Gaming

Old school flying with Flight Simulator II on the Atari 8bit

If there was one game on the Atari 8bit series that I knew of when I was young that seemed too intimidating to even try, it was subLOGIC’s 1984 title Flight Simulator II (FSII). At the time I was still trying get my head around less confronting flight sims such as Solo Flight and even Star Raiders so seeing something that looked like it pushed the envelope towards realism was a lot to take in.

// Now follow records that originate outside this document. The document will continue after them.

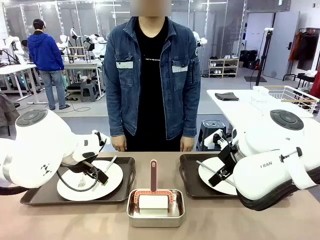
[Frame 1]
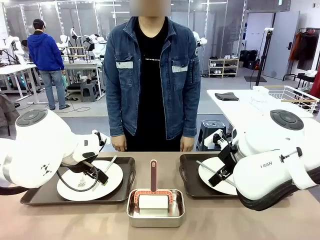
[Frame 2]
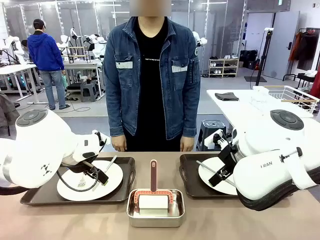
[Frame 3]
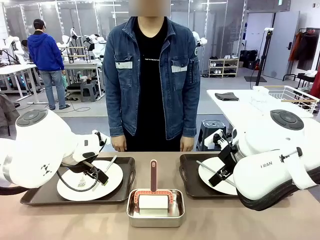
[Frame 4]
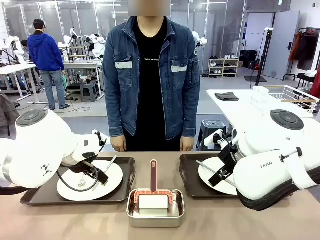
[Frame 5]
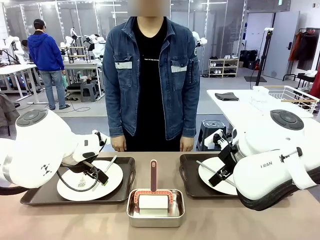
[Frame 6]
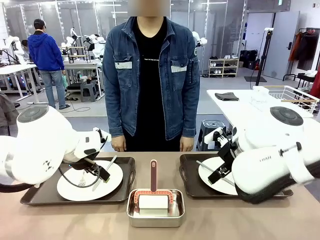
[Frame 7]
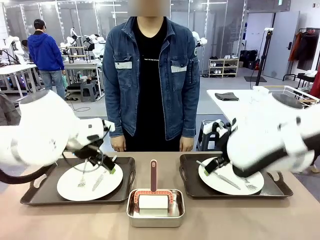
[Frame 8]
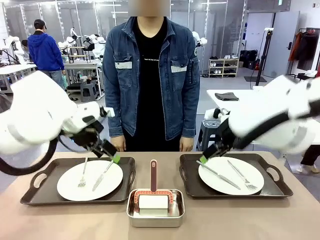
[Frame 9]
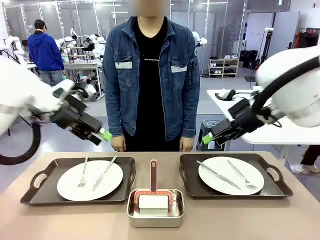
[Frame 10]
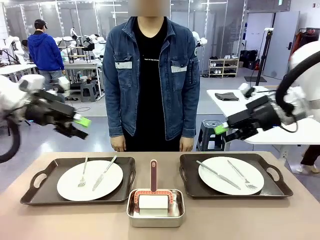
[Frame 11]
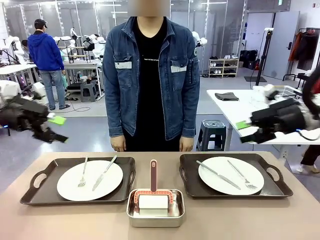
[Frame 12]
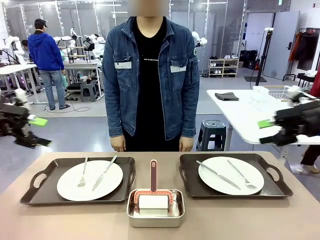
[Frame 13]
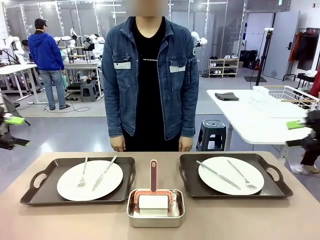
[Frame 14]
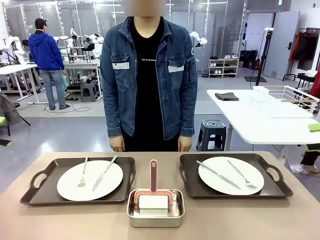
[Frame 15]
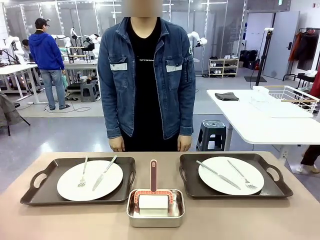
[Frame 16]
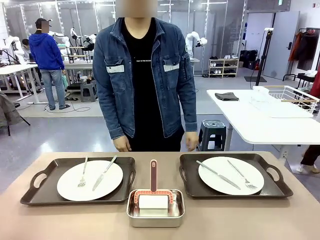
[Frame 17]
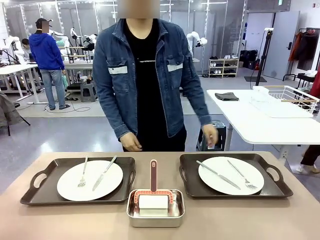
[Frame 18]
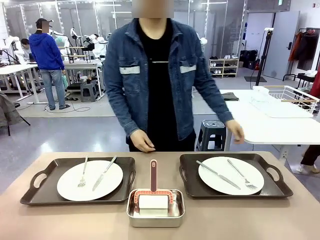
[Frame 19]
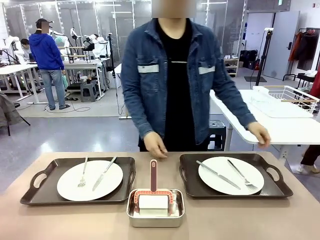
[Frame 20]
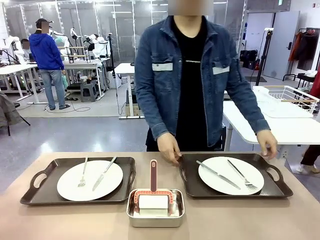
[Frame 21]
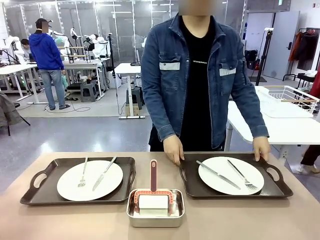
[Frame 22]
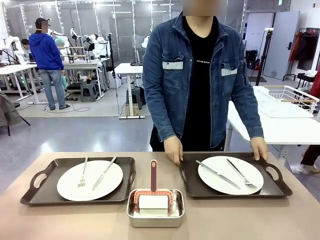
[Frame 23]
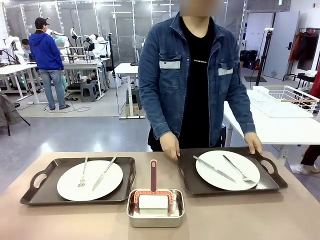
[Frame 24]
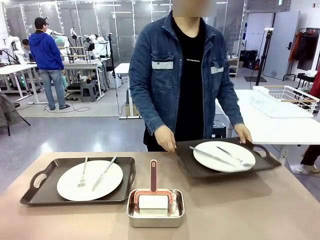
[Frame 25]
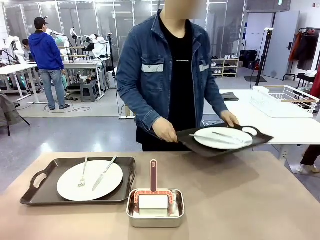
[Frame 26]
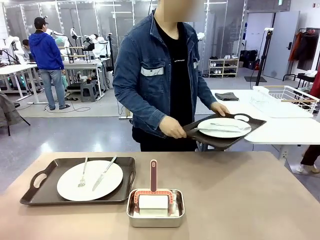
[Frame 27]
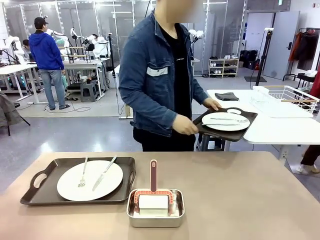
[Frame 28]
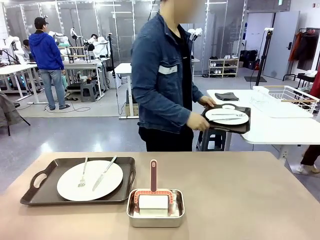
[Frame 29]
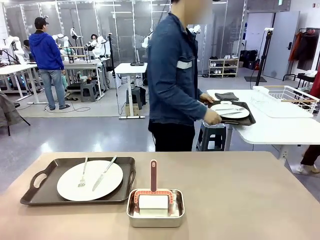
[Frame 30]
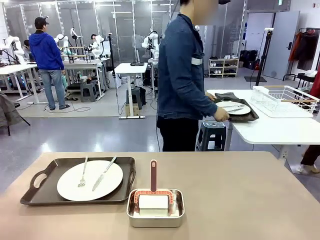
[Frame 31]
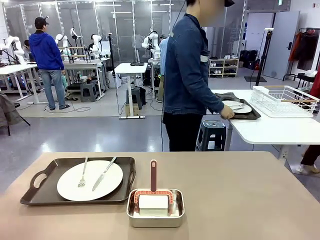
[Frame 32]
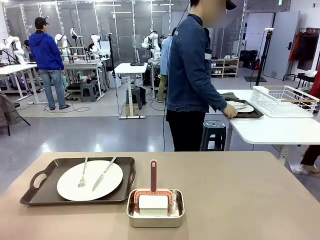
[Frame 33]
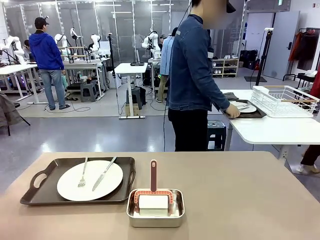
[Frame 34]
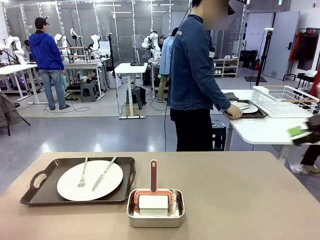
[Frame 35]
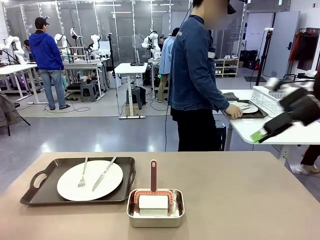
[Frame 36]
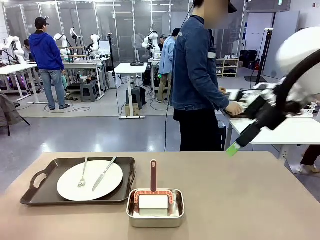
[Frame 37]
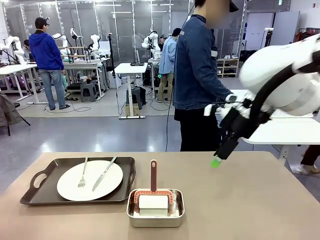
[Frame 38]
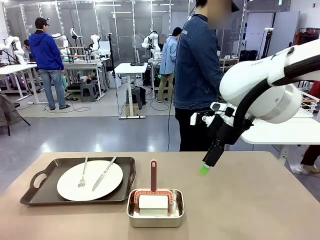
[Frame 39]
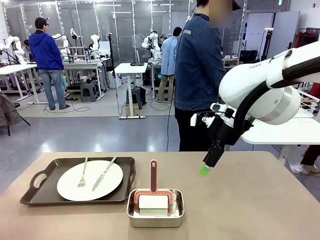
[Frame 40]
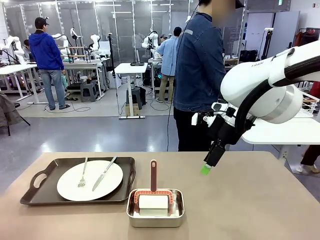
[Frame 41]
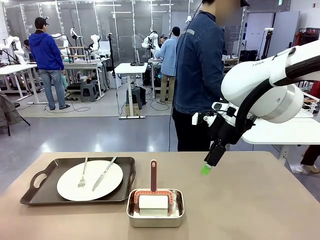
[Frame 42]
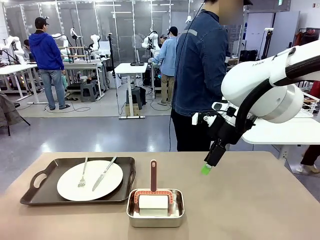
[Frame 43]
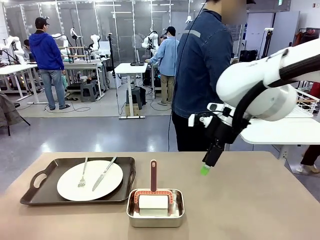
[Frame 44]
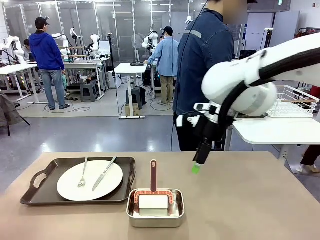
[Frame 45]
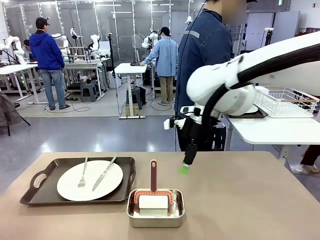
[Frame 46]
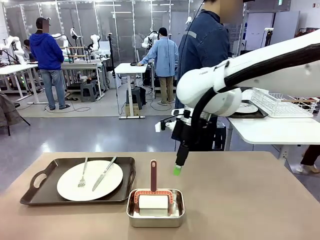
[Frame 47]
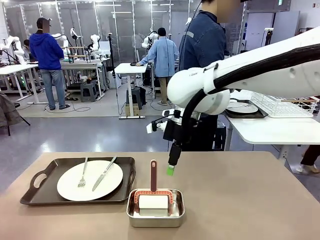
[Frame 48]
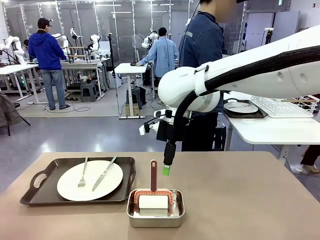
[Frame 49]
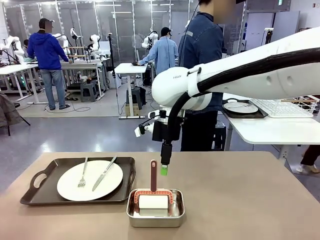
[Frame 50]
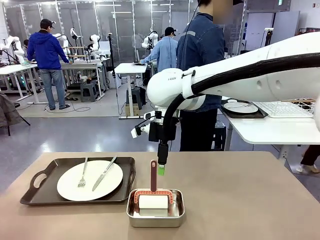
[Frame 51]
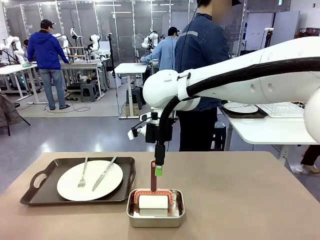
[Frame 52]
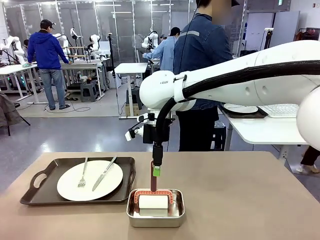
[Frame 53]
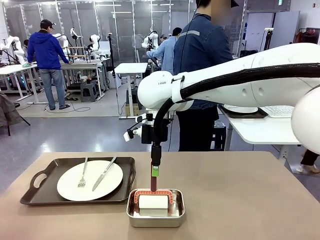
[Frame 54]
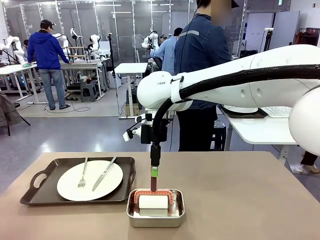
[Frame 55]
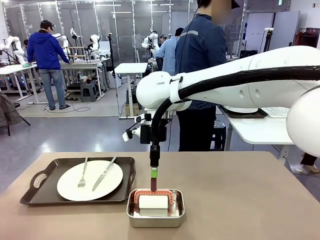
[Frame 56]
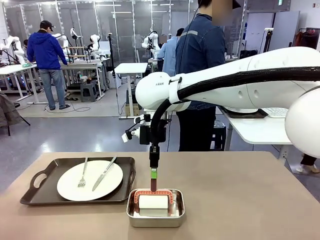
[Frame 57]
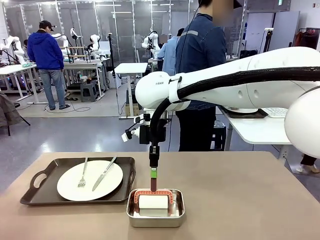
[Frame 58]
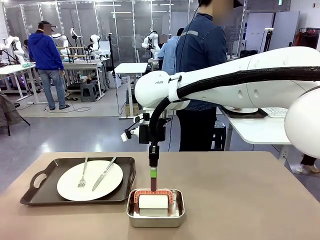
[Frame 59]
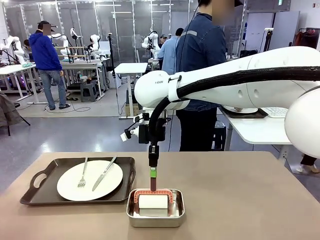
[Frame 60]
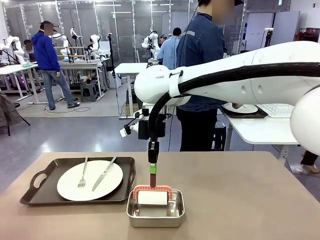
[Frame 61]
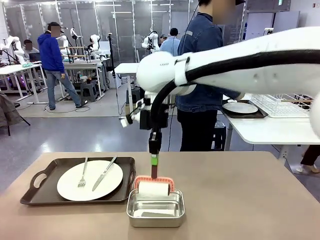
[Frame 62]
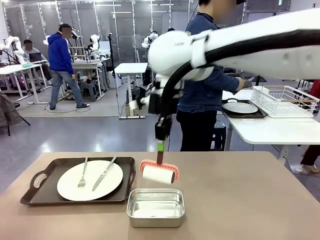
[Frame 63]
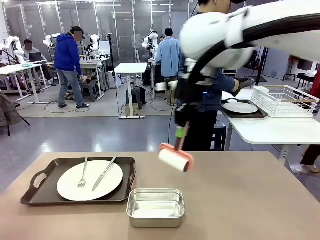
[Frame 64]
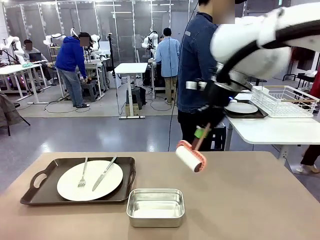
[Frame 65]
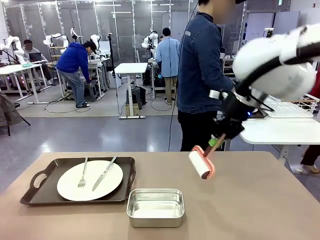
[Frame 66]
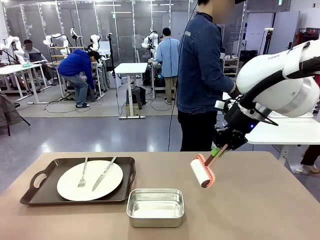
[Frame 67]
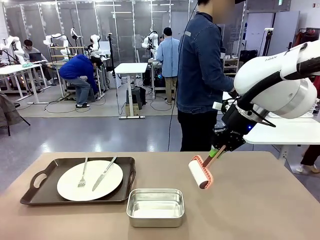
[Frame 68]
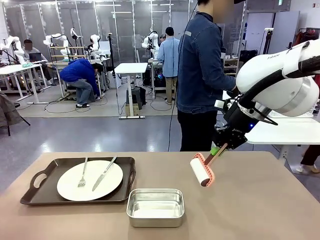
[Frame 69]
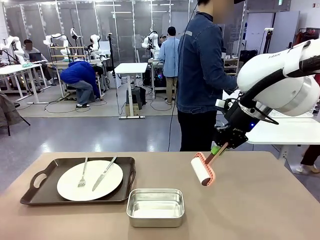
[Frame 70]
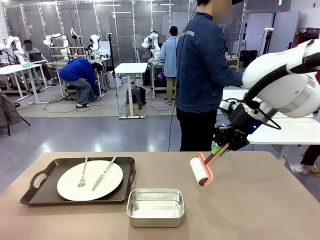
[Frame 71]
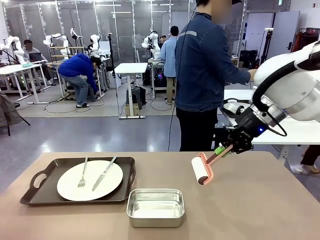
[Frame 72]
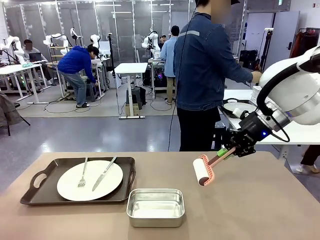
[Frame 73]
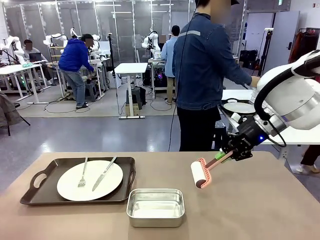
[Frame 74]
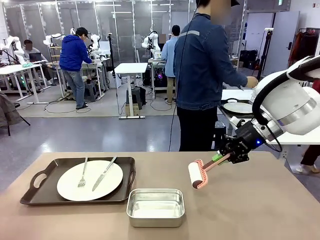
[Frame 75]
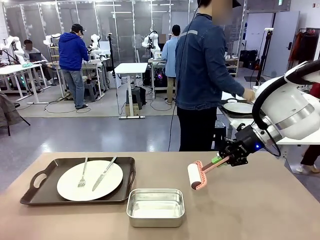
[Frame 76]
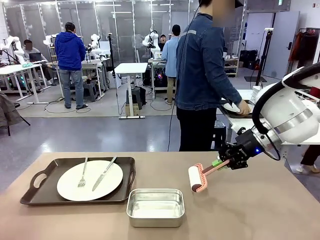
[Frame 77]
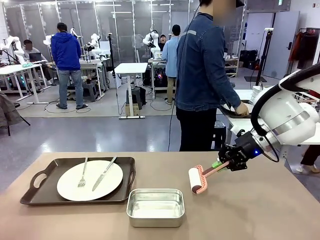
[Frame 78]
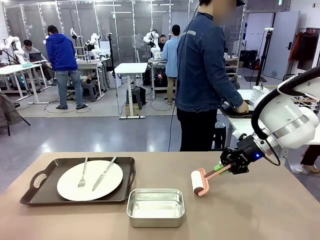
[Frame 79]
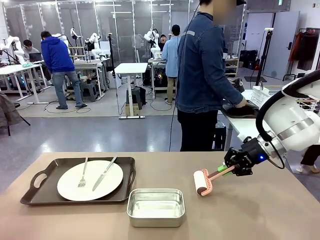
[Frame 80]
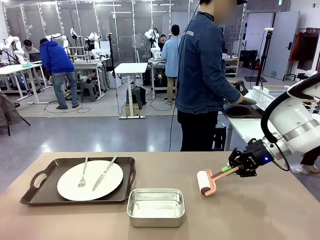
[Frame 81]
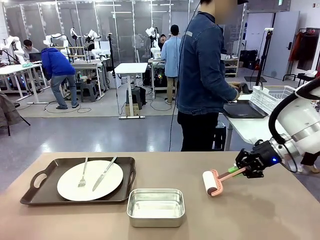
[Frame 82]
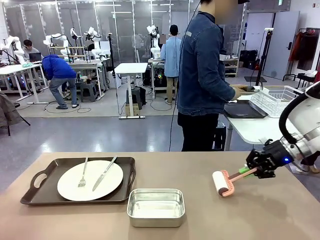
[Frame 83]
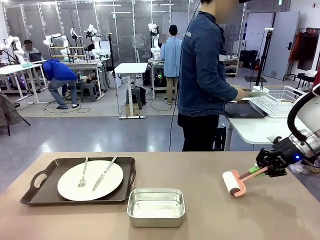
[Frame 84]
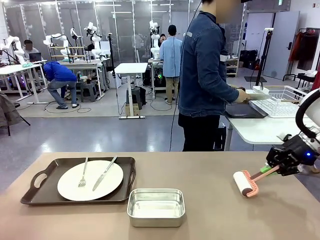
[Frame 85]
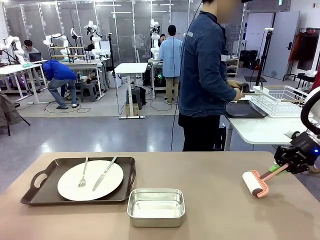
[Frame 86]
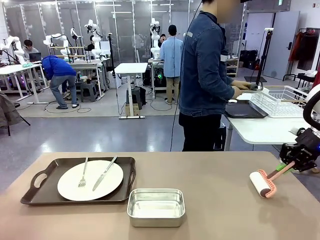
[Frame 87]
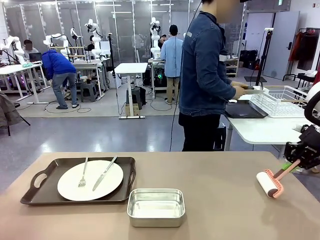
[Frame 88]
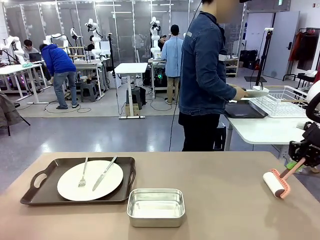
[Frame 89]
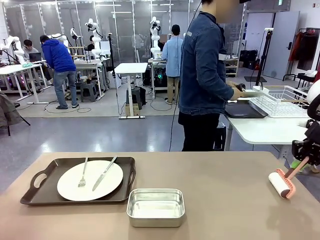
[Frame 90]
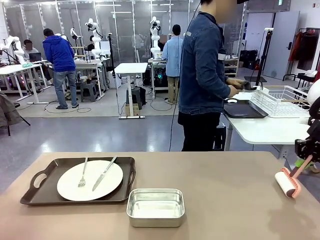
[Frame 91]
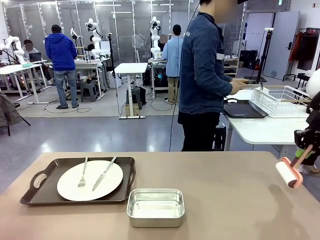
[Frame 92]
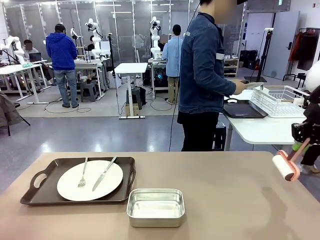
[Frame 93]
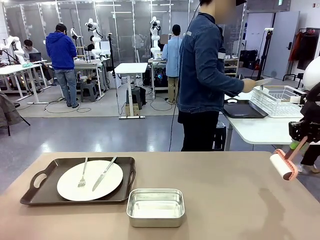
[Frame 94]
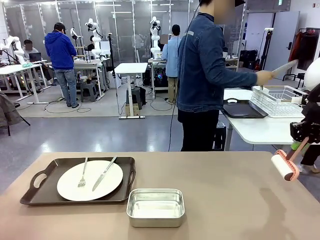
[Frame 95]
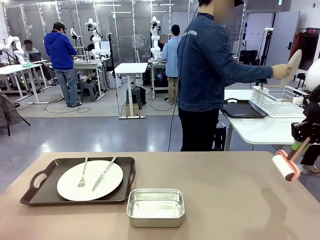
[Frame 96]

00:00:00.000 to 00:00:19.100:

There were a lot of fans at my local computer club though and books such as 40 Great Flight Simulator Adventures were in popular rotation amongst members. Despite that I was still not sure if I’d get into a game like that and it wasn’t until the Atari ST arrived that I really began to spend a good amount of time playing games of the genre. Though I think military sims are a different beast too… games still needed to have goals for me at that time so the total freedom of FSII didn’t strike me as all that interesting.

Flight-Simulator-II-130XE

The Flight Simulator II cartridge hooked up to my Atari 130XE. Why they moved the port from top of the system to the rear is beyond me.

Now that I am back retro gaming on my Atari machines it seemed like a good enough opportunity to go back and see just what I had missed out on back then. Thankfully there isn’t a shortage of copies of the game – with the release of the XE Game System, Atari produced cartridge versions of Flight Simulator II which were also pack-ins for the machine. I suppose if they thought it was worth bundling with the system (that also had Missile Command built in) then it must be a pretty decent game, right?

You might not remember subLOGIC or their first two flight simulator titles appearing on the 8bit machines of the era but you’re likely to know of the legacy they left behind. The company would license the game out to Microsoft who would then go on to spend the next twenty years making subsequent titles a staple for their platforms. I think that is a good sign of what is in store for me.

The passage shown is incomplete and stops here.